## Exercise materials
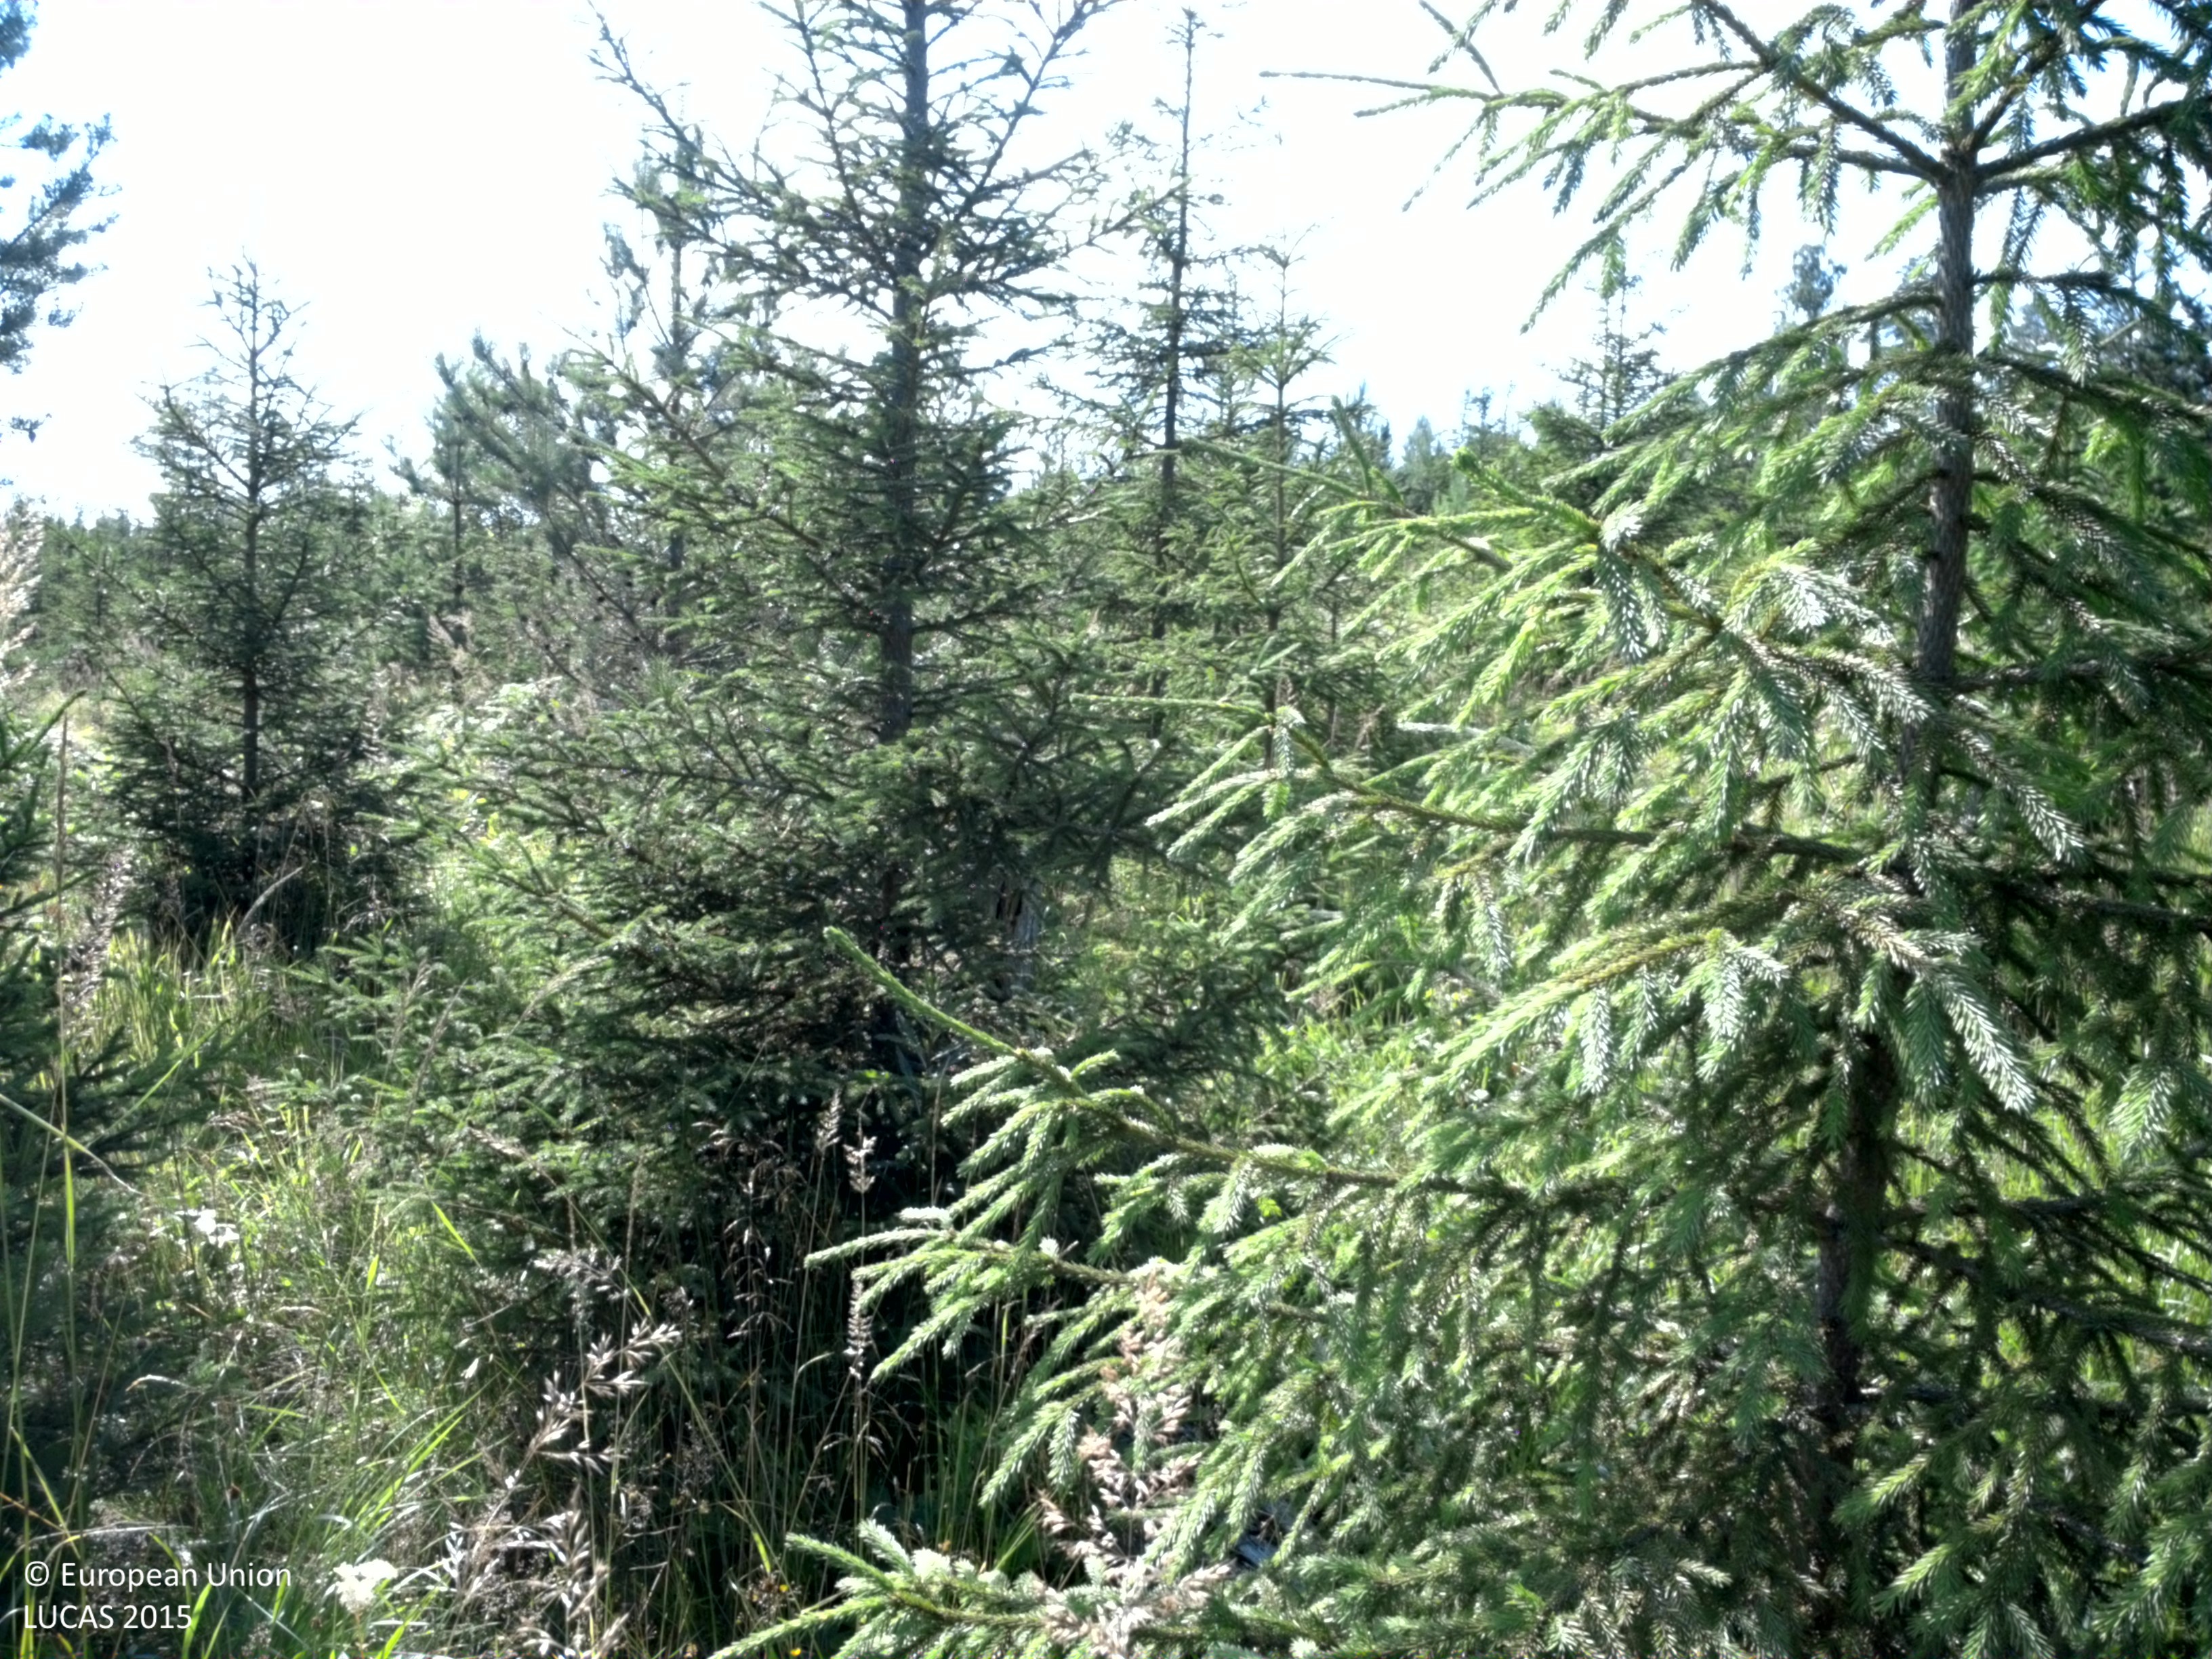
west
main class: Woodland
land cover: Spruce dominated coniferous woodland
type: boreal forest
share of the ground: 25 - 50 %
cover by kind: coniferous forest trees 50 %, herbaceous plants 50 %
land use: Forestry
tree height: < 5 m
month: July
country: SE
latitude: 59.6522
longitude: 18.4989
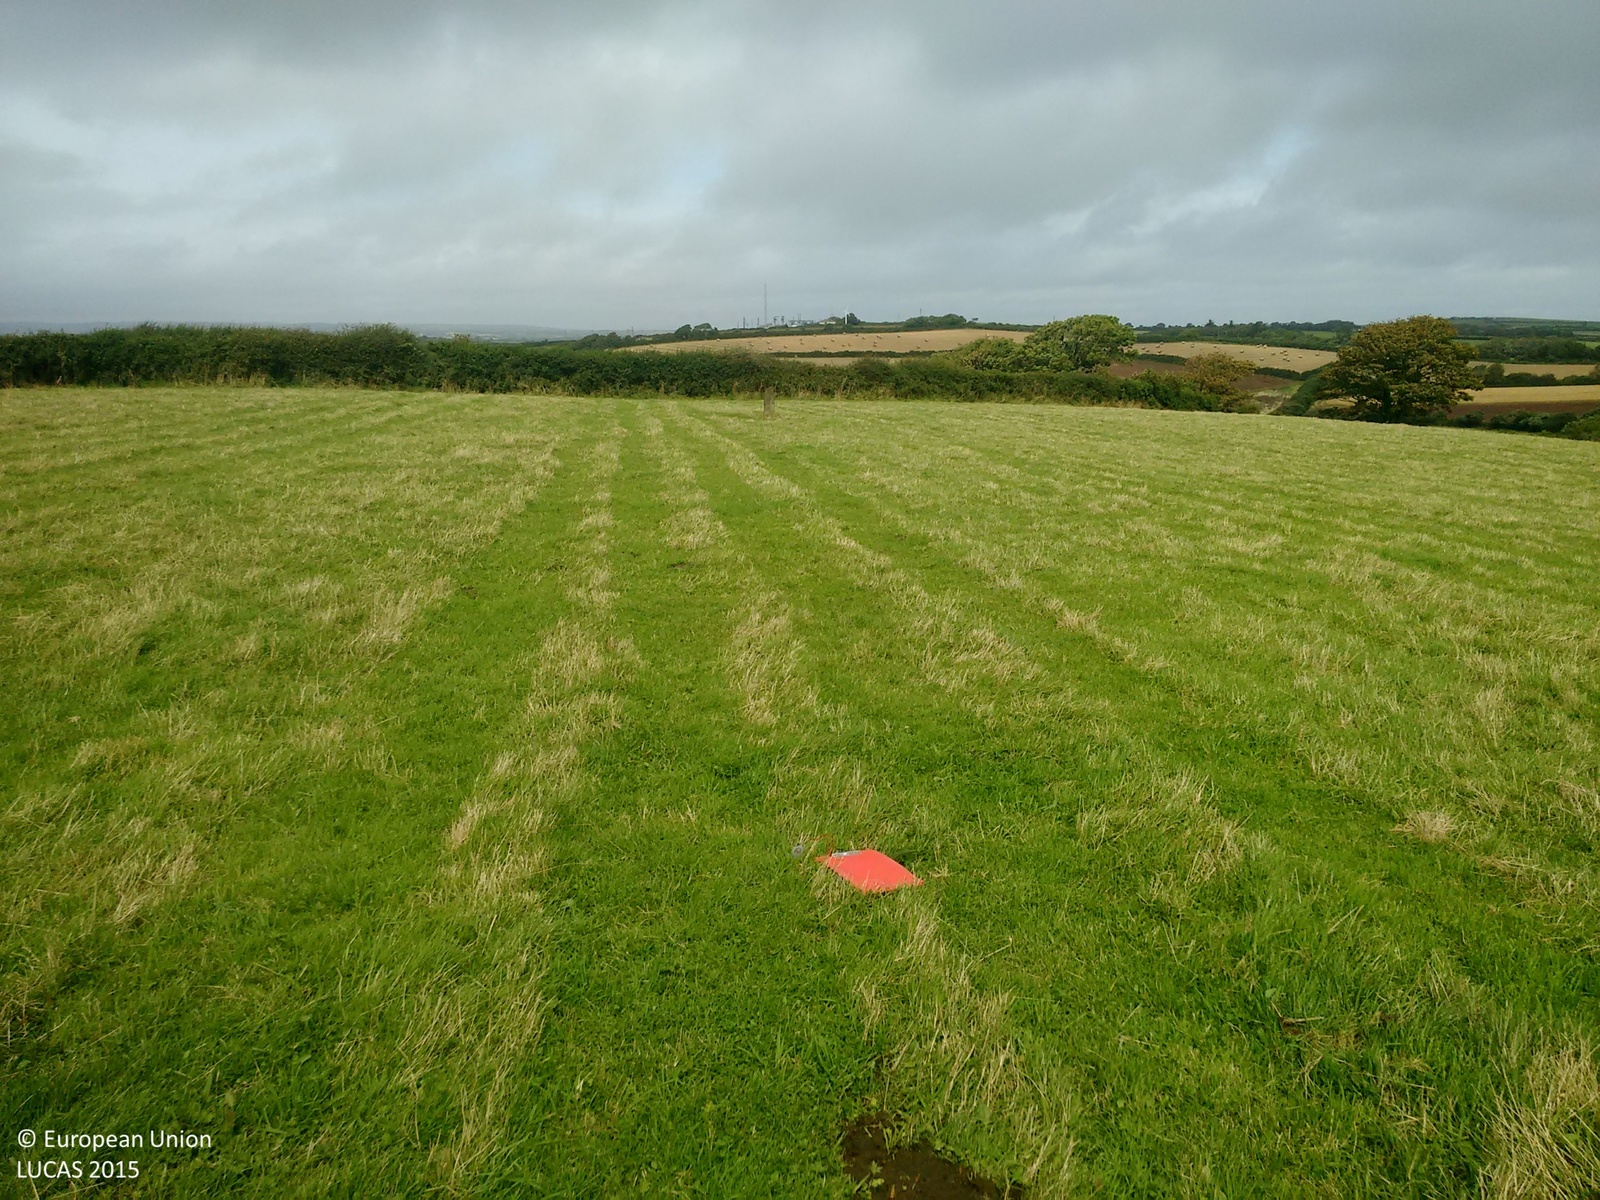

## Task statement
Output each line above exactly. Skip the images.

## Solution for this problem
west
main class: Woodland
land cover: Spruce dominated coniferous woodland
type: boreal forest
share of the ground: 25 - 50 %
cover by kind: coniferous forest trees 50 %, herbaceous plants 50 %
land use: Forestry
tree height: < 5 m
month: July
country: SE
latitude: 59.6522
longitude: 18.4989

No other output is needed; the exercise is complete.